# How to complete this task:
Although the data below contains pictures, please reproduce only its words, exactly.

# Stored data entries:
"""
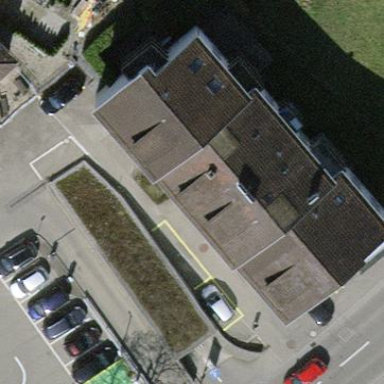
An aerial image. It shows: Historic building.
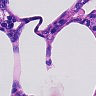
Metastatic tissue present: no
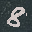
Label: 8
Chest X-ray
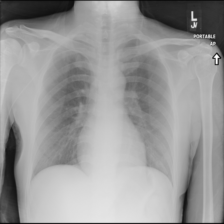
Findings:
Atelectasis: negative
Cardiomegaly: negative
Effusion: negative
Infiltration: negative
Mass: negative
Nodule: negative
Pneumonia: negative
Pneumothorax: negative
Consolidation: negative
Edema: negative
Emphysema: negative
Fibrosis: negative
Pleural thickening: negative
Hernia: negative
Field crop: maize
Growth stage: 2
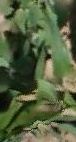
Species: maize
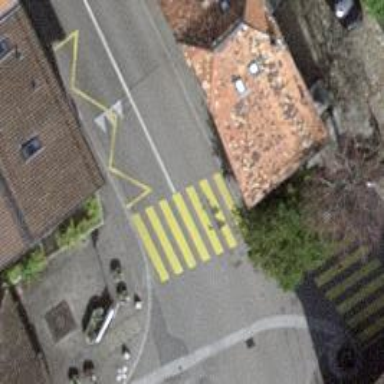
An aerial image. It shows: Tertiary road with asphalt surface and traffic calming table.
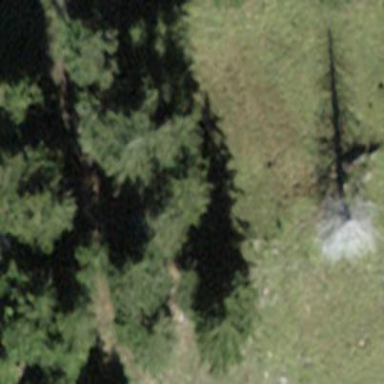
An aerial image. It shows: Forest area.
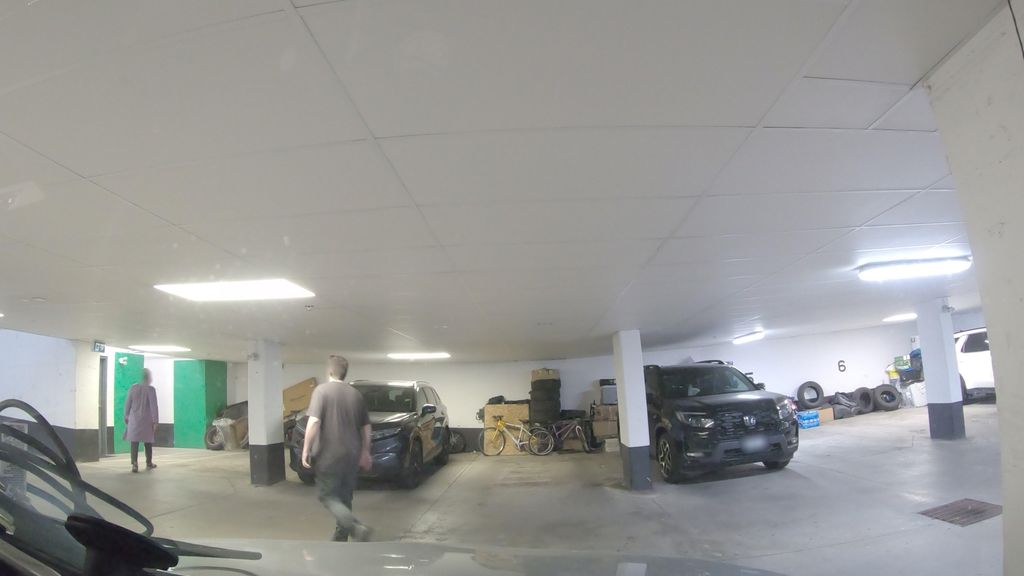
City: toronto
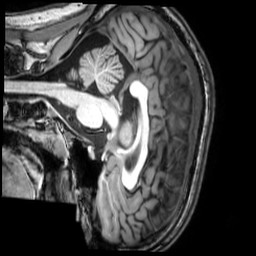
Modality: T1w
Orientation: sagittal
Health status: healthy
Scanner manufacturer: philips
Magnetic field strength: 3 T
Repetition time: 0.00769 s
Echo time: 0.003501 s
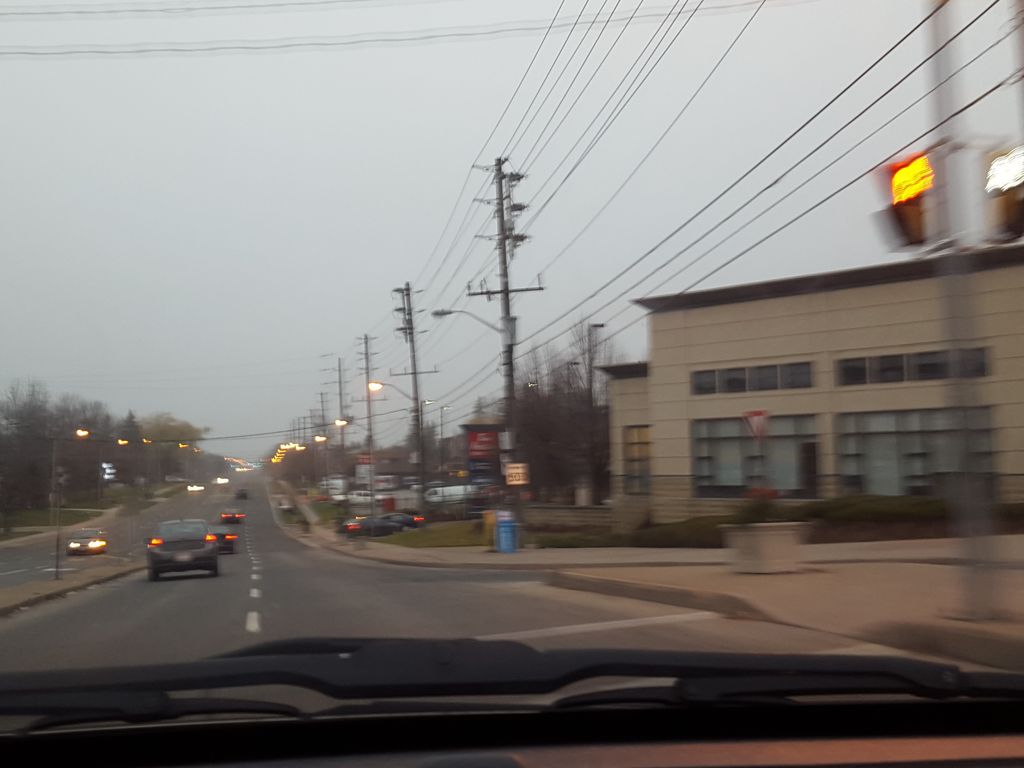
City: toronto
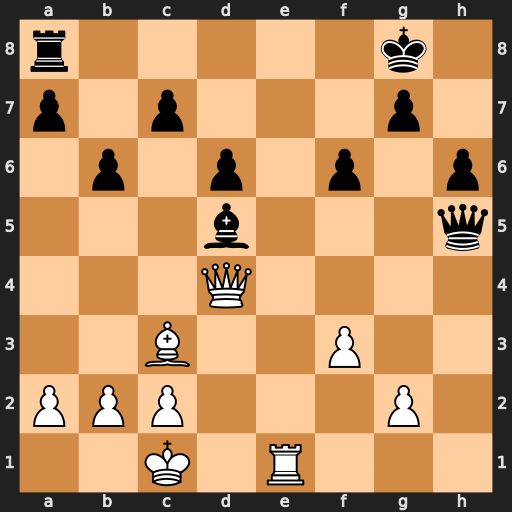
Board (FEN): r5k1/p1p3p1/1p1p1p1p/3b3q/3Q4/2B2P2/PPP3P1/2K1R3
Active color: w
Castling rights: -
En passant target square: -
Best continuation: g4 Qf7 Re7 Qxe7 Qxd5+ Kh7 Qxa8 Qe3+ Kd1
"""
# Reply:
An aerial image. It shows: Historic building.
Metastatic tissue present: no
Label: 8
Chest X-ray
Findings:
Atelectasis: negative
Cardiomegaly: negative
Effusion: negative
Infiltration: negative
Mass: negative
Nodule: negative
Pneumonia: negative
Pneumothorax: negative
Consolidation: negative
Edema: negative
Emphysema: negative
Fibrosis: negative
Pleural thickening: negative
Hernia: negative
Field crop: maize
Growth stage: 2
Species: maize
An aerial image. It shows: Tertiary road with asphalt surface and traffic calming table.
An aerial image. It shows: Forest area.
City: toronto
Modality: T1w
Orientation: sagittal
Health status: healthy
Scanner manufacturer: philips
Magnetic field strength: 3 T
Repetition time: 0.00769 s
Echo time: 0.003501 s
City: toronto
Board (FEN): r5k1/p1p3p1/1p1p1p1p/3b3q/3Q4/2B2P2/PPP3P1/2K1R3
Active color: w
Castling rights: -
En passant target square: -
Best continuation: g4 Qf7 Re7 Qxe7 Qxd5+ Kh7 Qxa8 Qe3+ Kd1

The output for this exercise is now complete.